L’«économisation» de la recherche scientifique

Le Conseil suisse de la science et de l’innovation (l’organe consultatif du Conseil fédéral en la matière) a publié une intéressante étude sur les constellations d’acteurs du système suisse de la formation, de la recherche et de l’innovation. Cette étude dénonce l’«économisation» des logiques imposées à la formation et à la recherche au sein des hautes écoles suisses, qui sont désormais censées «produire une valeur financière rapidement exploitable sur le marché» (page 33).

Depuis les années 1990, les enseignants–chercheurs dans les universités suisses (comme dans bien d’autres pays occidentaux) sont soumis aux mécanismes de la concurrence par un système qui fait «de l’efficience mesurable le critère déterminant» (ibid.) pour leur propre carrière. «Des instruments non scientifiques sont censés créer des incitations à la performance scientifique» (ibid.). Les dynamiques de recherche que ce système a créées et entretient comportent, entre autres, «la “projectivisation”, c’est-à-dire le morcellement de la recherche en problèmes et réponses étroitement limités dans le temps, cernables et évaluables.

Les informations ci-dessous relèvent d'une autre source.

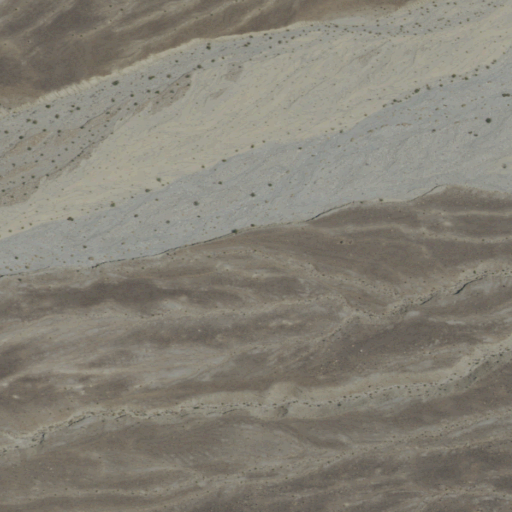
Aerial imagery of valley in California named Trail Canyon containing shrub and barren land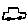
Label: car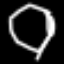
Label: octagon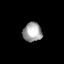
Tissue: lung
Cell type: Epithelial cells
Senescence score: 0.2109
Nuclear area (px): 355
Mean DAPI intensity: 163.434

Cette logique de concurrence étrangère à la science favorise les encouragements sur le court terme ainsi qu’un élargissement purement quantitatif de la recherche» (ibid.).

En clair, les enseignants–chercheurs sont amenés à négliger de plus en plus leurs activités d’enseignement et d’encadrement des travaux d’étudiants, pour se consacrer de manière acharnée à la concurrence en matière de recherche, selon les critères quantitatifs instaurés par la pensée dominante (proche des acteurs économiques prépondérants).

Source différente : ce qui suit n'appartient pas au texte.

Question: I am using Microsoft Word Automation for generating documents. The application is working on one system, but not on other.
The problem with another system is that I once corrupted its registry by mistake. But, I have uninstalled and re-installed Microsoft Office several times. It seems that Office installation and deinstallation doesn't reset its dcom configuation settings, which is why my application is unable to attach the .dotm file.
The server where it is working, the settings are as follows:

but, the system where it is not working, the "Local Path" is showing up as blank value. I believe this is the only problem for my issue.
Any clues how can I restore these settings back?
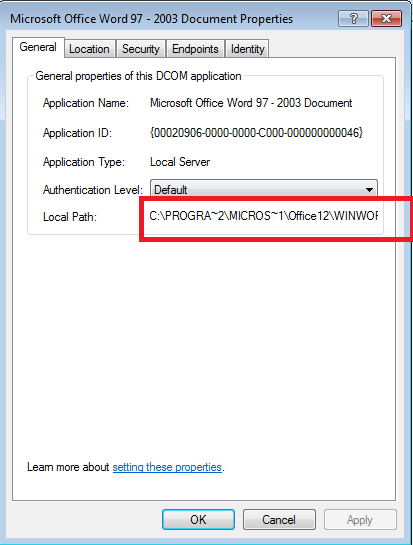
Answer: According to <URL>, those configurations such as local path are extracted from the registry and are not modifiable:
The General tab provides general information about the application. This tab displays the Application name, type (local server or remote server), and location (local path or remote computer). These settings are not modifiable through the DCOM Config interface.
The General Tab retrieves all of its information from subkeys of the following registry key:
HKEY_CLASSES_ROOT\CLSID{...CLSID...}
where {...CLSID...} is the unique CLSID for the Object Server currently being viewed.
So! Run > regedit > Go to HKEY_CLASSES_ROOT\CLSID, then go to Edit menu and click Find, filter by key and put your ApplicationID there. You should find it this way.
Now after finding the registry entry for your DCOM, expand it, you should see a LocalServer32, the property (Default) holds your Local Path value, try change it the same path as in your new Oracle Virtual Box.
If this works, test if the value hold after restarting and logging in with you Domain User account if it does, great, if not, run a batch to run a .reg file to perform this modification, on every login.

Dans le domaine des «sciences économiques», notamment, les places de professeur mises au concours sont occupées, de manière exclusive désormais, par les candidats ayant publié des papiers dans les revues scientifiques classées comme étant les meilleures par les tenants de la pensée dominante (de matrice néolibérale). La «concurrence» ne joue, désormais, qu’au sein de cette école de pensée, étant donné que toute autre conception paradigmatique de l’analyse économique est ignorée, du fait que ses adeptes sont exclus des «meilleures revues» établies à partir des classements retenus pour accéder à un poste de professeur universitaire. Les principes essentiels régissant l’université – un lieu où la liberté de recherche, la dialectique scientifique, l’originalité et l'esprit critique étaient encouragés pour contribuer au bien commun – sont ainsi bafoués pour être remplacés par le conformisme et le caractère autoréférentiel des travaux de recherche visant la carrière de leurs auteurs avant tout.

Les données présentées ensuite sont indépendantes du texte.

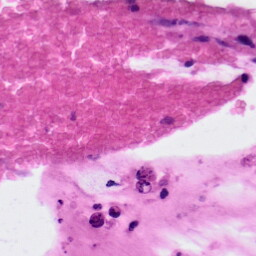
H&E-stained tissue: Colon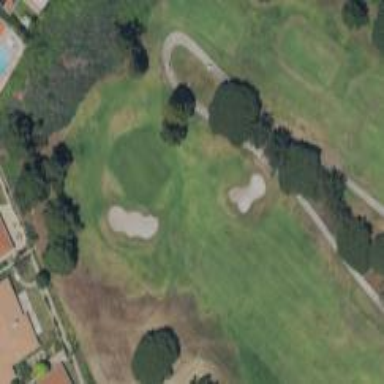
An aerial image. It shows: View of golf hole.

Pour rompre le cercle vicieux établi par cette pensée autoréférentielle, il faudra une crise encore plus grave que celle qui a secoué le monde occidental après la mise en faillite de Lehman Brothers aux États-Unis. Contrairement à la crise des années 1930, qui avait été suivie par un changement radical du paradigme économique dominant, de nos jours le néolibéralisme à l’origine de la crise éclatée en 2008 au plan global n’est en réalité aucunement remis en question par celles et ceux qui, d’un côté ou de l’autre de l’Océan Atlantique, ont des responsabilités politiques de premier plan. Il n’est dès lors pas erroné d’imaginer que l’économie globale se trouve dans une «stagnation séculaire» qui ne fait que commencer.

Sergio Rossi

Sergio Rossi est professeur ordinaire à l’Université de Fribourg, où il dirige la Chaire de macroéconomie et d’économie monétaire, et Senior Research Associate à l’International Economic Policy Institute de la Laurentian University au Canada.